Question 7: In your view, how could we improve the magazine?

I’m barely aware of it (even though i would like to be). I remember seeing the last issue, but if you asked me I couldn’t recall any of the articles or sections (thus many of these survey questions carry little meaning for me).

Maybe it’s just me, but in my case, the magazine doesn’t have enough frequency or currency to even get anywhere near my daily mental attention space or “consideration set” as they’d say in marketing class, when it comes to business knowledge. I get most of my leading edge business knowledge online these days through the blogosphere and rss feeds as opposed to on dead trees.

Certainly, there is a role for the glossy dead tree version but i think the magazine needs to get with the times and have a vastly improved online strategy. Instead of awkward/static pdfs, the magazine/the school needs to have a blog, it should allow comments, it should be a forum, it should enable conversations about issues and between alumni, alumni and faculty and students etc. I think it could be doing vastly more to connect the school with the community and professional world. But it’s failing at that. A lot of great content stranded in a stack of glossy dead trees that too few of us remember to pay any attention to.

Imagine the knowledge, the connections and the brand equity you could build if you just opened up all of the rich content and great minds inside that school to wider discourse on a global scale. And what an amazing built-in audience/community you have to draw from. Rotman alumni are everywhere and no doubt many would have leading experience or insights to offer on nearly any subject covered in the magazine.

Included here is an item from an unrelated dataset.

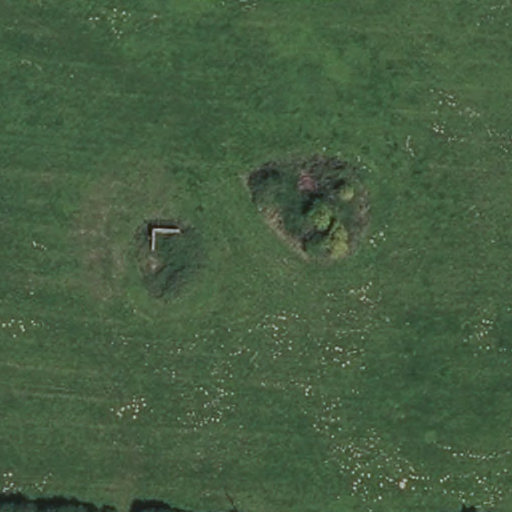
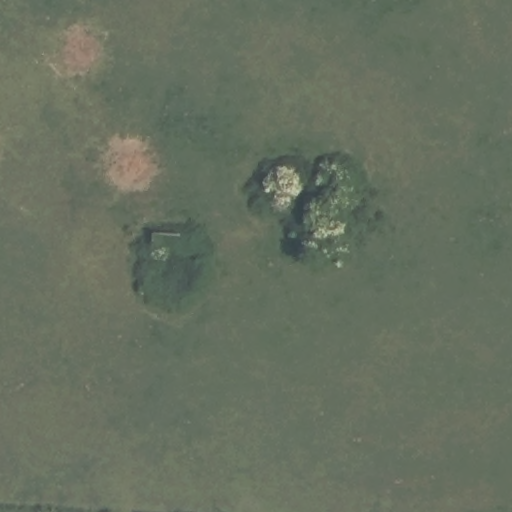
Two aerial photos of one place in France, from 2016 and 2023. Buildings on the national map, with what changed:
unchanged [(187,225),(185,283),(152,280),(156,222),(187,225)]

If done right, a properly interactive Web strategy would benefit

Your audience
1. Enhanced access to content they might otherwise have missed
2. Access to a greater depth of information on any topic that could be possible in the print edition
3. Networking opportunities and abilities to discover interact with, connect with experts/alumni/members of the community

For the school
1. through more regular interaction, build a deeper sense of attachment to the school (think how this will help in fund-raising)
2. Through more richly developed ideas and a wider audience, enhance the brand of the school
3. Through greater interest, drive more copies of the print version

The tools are out there, he would not be so hard to set up. And the best part is, your community will generate the bulk of the value-added content for you.

anyway, this is what I do these days, take these comments for what you will. If you’d like to, call me. For my alma mater I’d gladly donate what expertise I can offer.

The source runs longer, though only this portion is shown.